Introduction

Due to the peculiar laws of quantum mechanics, frequent enough observation can halt the evolution of a system. This is known as the quantum Zeno effect1. It is deeply connected to the measurement process in quantum mechanics2. Studies of the quantum Zeno effect may thus help shed light on the fascinating and hitherto mysterious nature of the quantum measurement process3,4. The quantum Zeno effect has been realized experimentally in various different physical systems5,6,7,8,9,10,11,12,13,14,15,16,17,18. Interestingly however, most of these experiments are performed in quantum mechanical systems involving several discrete energy levels, while the quantum Zeno effect of the continuous spatial distribution of a quantum mechanical system has been much less explored. Recently, such spatial quantum Zeno effect has been observed in a Bose-Einstein condensate16, where a stronger electron beam depleting the condensate counterintuitively led to less depletion.

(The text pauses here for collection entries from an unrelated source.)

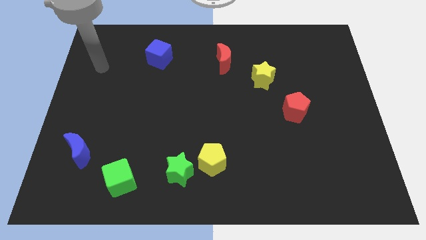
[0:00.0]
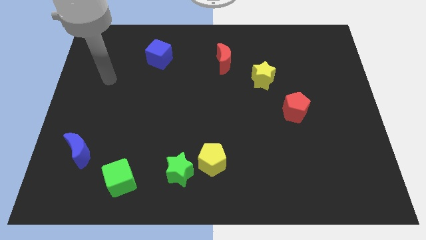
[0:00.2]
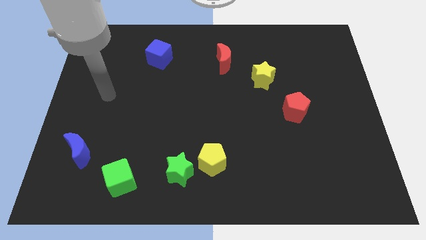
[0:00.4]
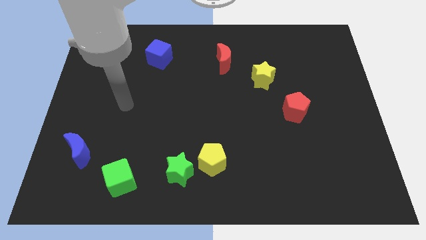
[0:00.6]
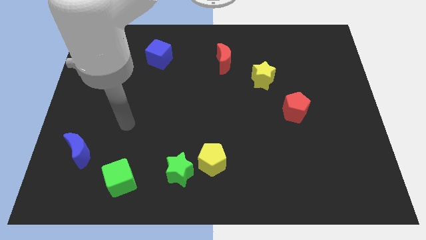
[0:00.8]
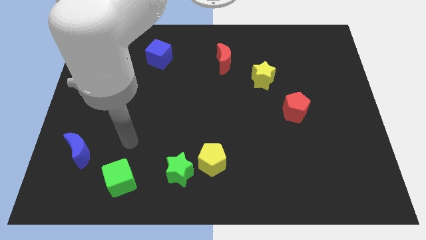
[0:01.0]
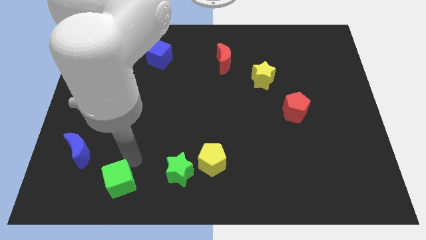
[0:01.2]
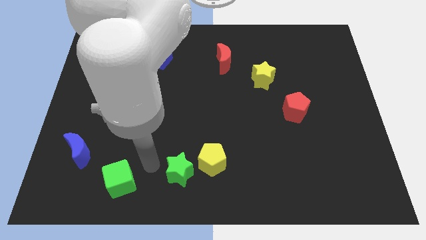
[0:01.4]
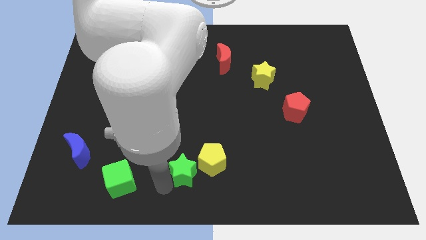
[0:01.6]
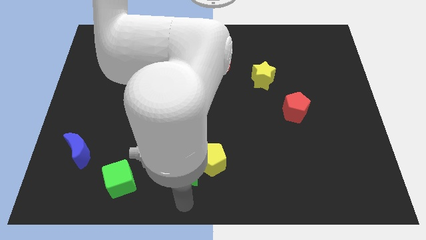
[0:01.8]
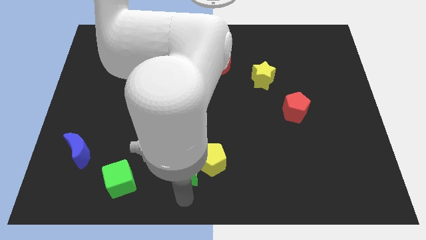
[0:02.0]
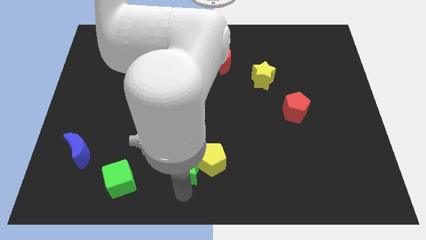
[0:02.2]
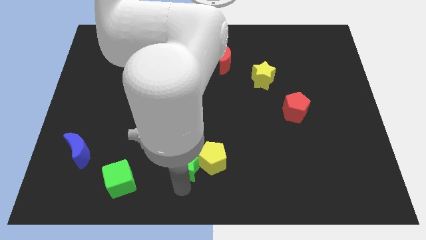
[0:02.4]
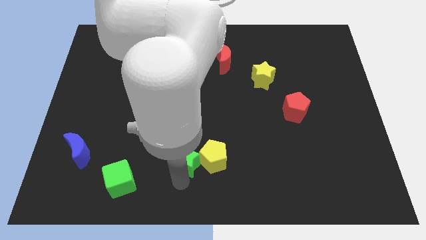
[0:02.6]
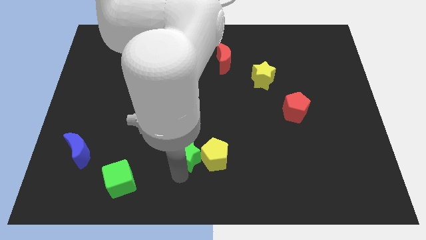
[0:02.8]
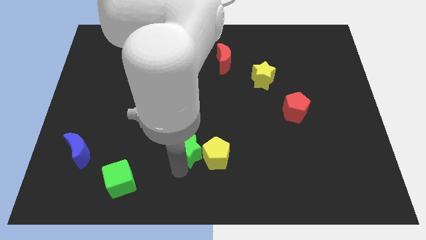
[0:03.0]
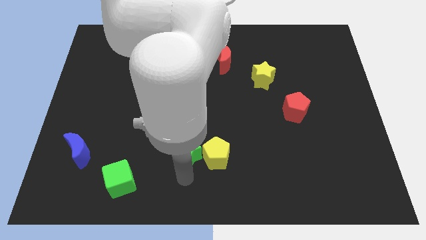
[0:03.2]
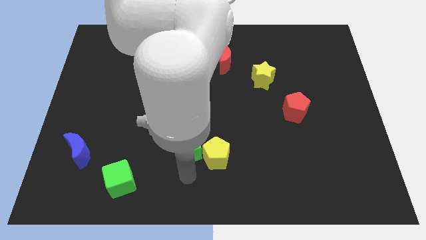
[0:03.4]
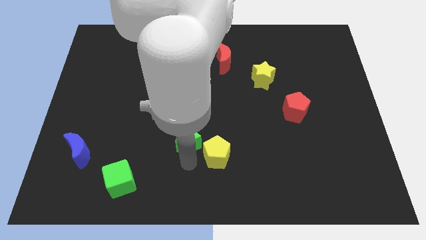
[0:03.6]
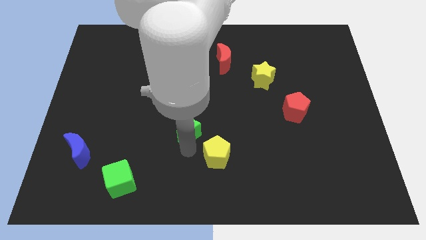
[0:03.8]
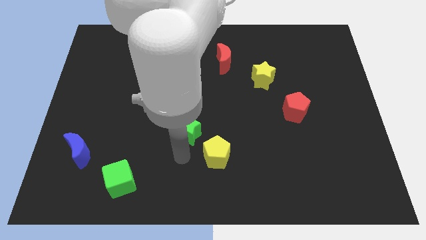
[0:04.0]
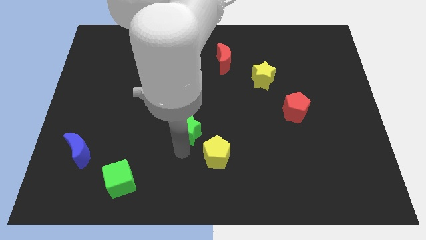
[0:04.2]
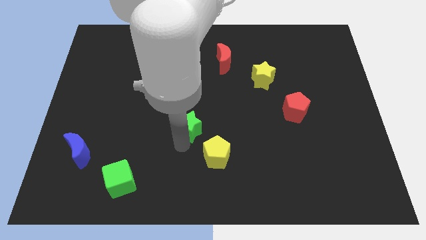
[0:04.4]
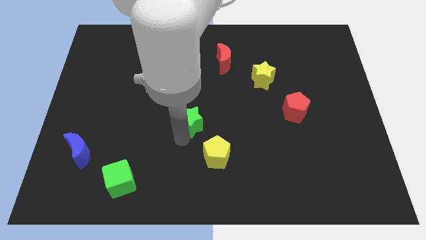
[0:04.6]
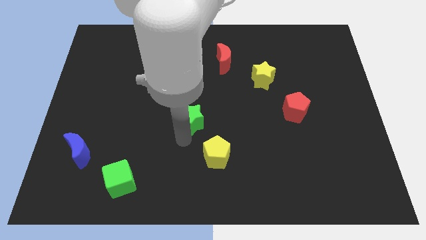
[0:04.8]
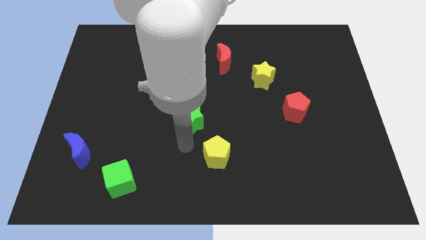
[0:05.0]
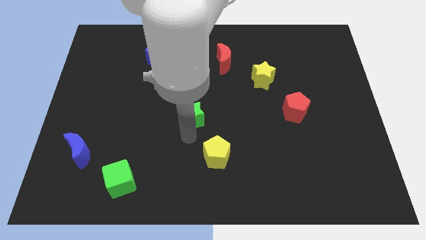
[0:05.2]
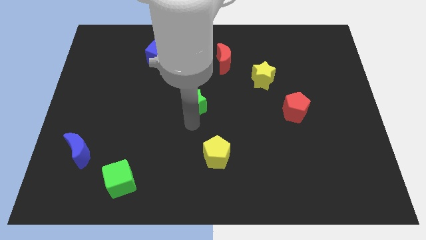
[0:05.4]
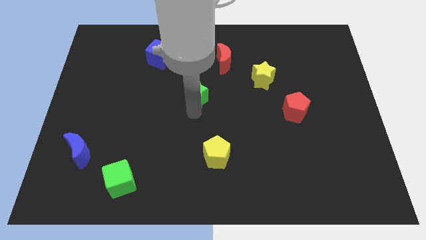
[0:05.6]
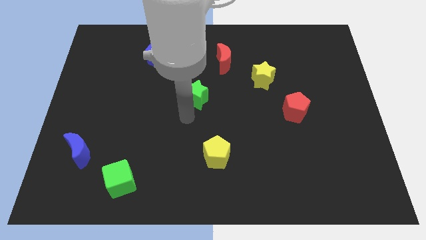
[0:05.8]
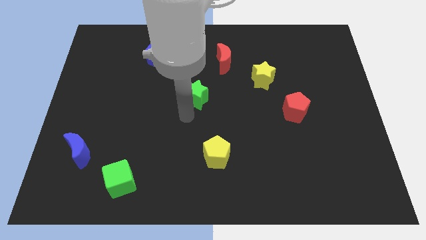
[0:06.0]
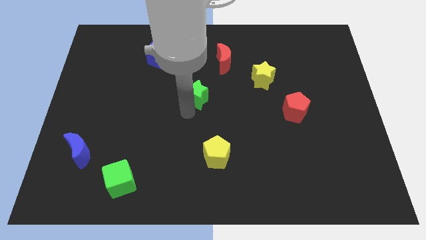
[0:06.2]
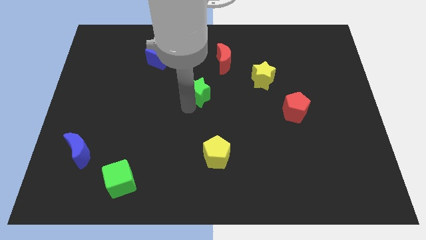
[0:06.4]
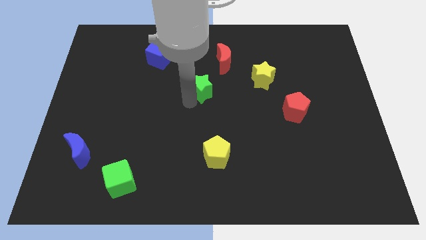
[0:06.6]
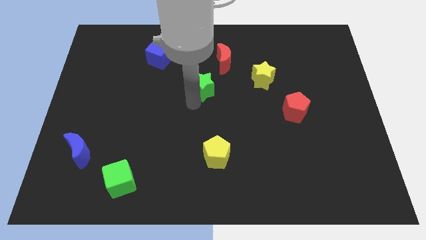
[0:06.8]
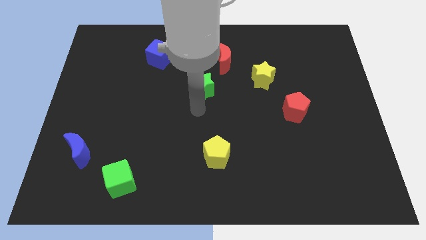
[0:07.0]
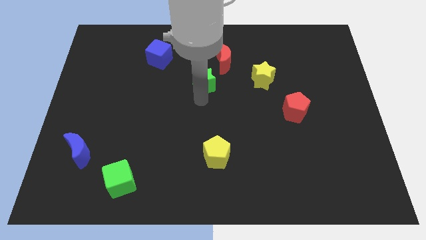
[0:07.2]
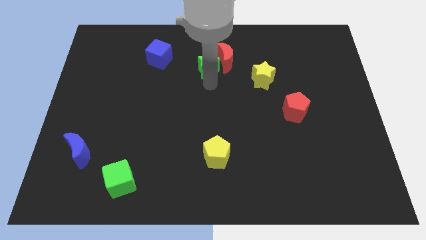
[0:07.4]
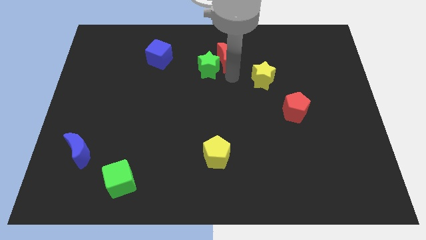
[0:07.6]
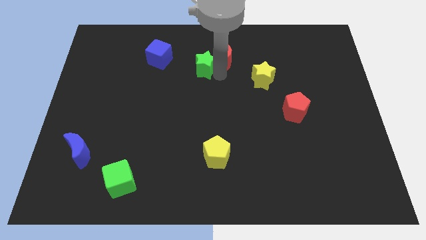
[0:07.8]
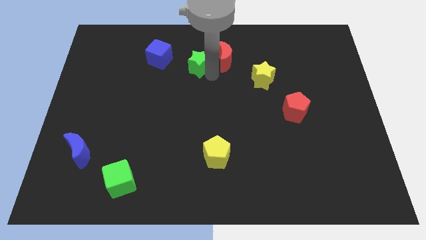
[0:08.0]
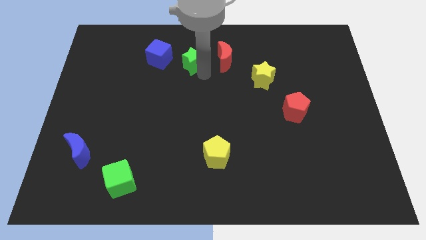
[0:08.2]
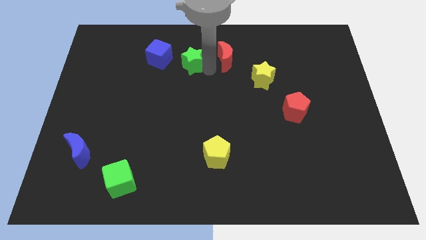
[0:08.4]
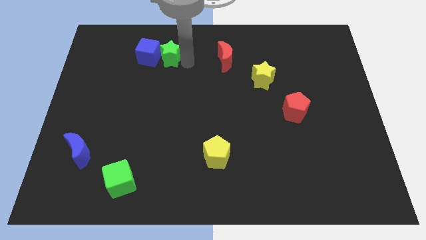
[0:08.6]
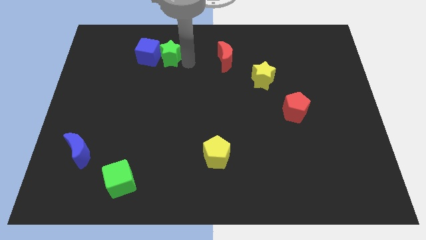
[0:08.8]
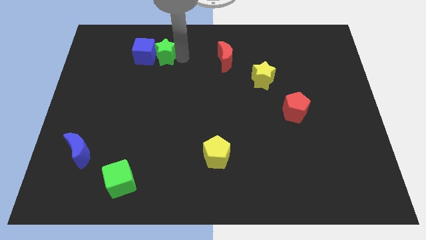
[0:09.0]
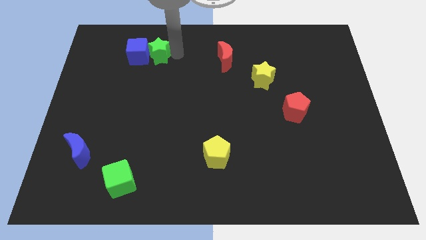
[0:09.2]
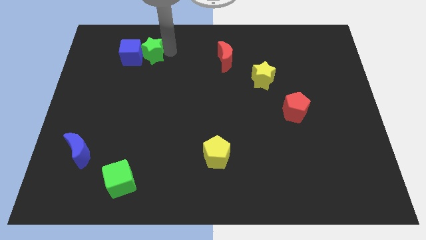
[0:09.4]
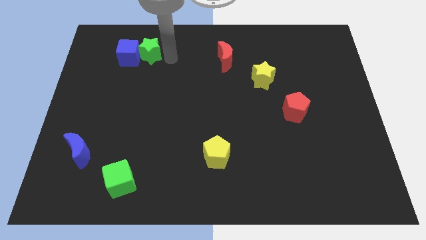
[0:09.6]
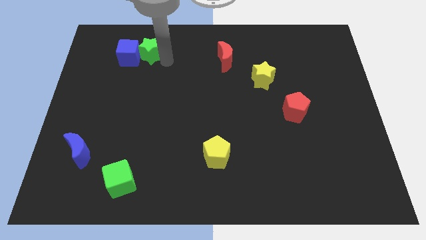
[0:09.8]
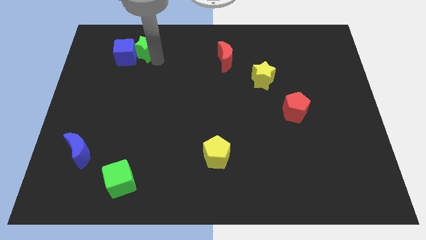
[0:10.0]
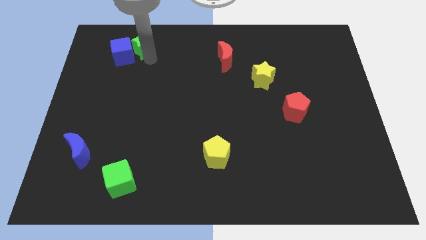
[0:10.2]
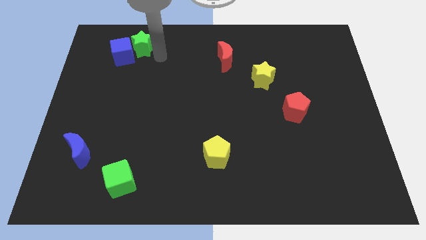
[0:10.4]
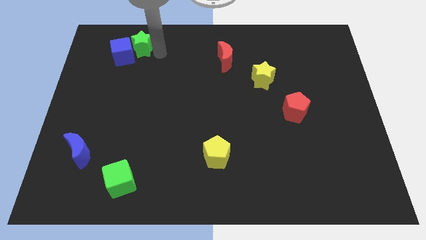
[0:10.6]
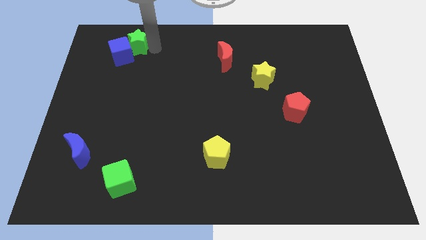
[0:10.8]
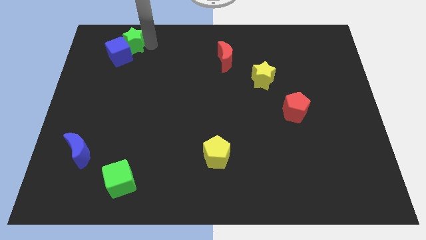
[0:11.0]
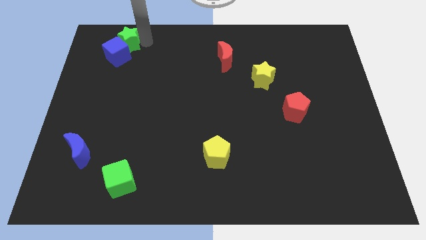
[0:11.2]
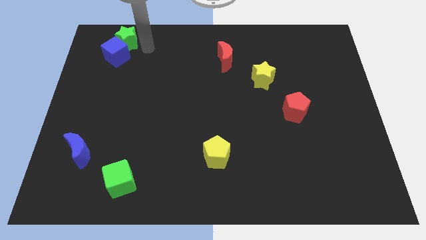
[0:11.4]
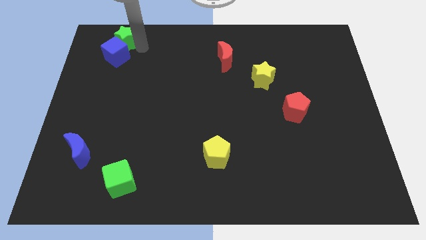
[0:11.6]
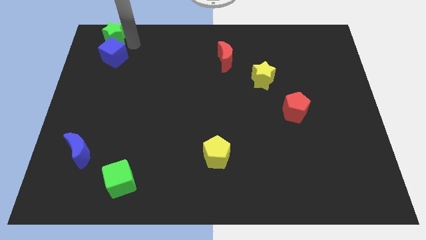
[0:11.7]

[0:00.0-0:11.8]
slide the green star to the upper left corner

From another angle of view, previous theoretical studies19,20,21,22,23,24 of the spatial quantum Zeno effect have been mainly concerned with single-particle motion, while how such effect occurs in a many-body system is less studied. The above system using a Bose-Einstein condensate offers a great opportunity to study such many-body spatial quantum Zeno effect.

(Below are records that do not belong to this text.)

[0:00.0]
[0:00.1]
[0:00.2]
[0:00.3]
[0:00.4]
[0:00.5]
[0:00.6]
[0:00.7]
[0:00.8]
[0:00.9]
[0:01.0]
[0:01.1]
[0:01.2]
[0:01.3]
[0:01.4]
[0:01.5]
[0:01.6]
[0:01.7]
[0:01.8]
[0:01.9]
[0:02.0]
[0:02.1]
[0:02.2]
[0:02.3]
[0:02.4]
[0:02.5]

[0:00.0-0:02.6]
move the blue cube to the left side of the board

Concerning this specific system, previous works16,25,26 have predicted the existence of the quantum Zeno effect, and have studied how the characteristics of the time evolution depends on the relation between the width of the depletion region and the speed of sound in the condensate25, how the magnitude of the Zeno suppression depends on the width of the depletion and the strength of interatomic interaction16, how the existence of the quantum Zeno effect depends on how fast the depletion intensity decays in its wings, as well as the existence of different steady-flow patterns under depletion26.

In the present work, we study using a time-dependent approach how the spatial quantum Zeno effect in this system depends on the intrinsic tendency of the system to fill in the depletion region.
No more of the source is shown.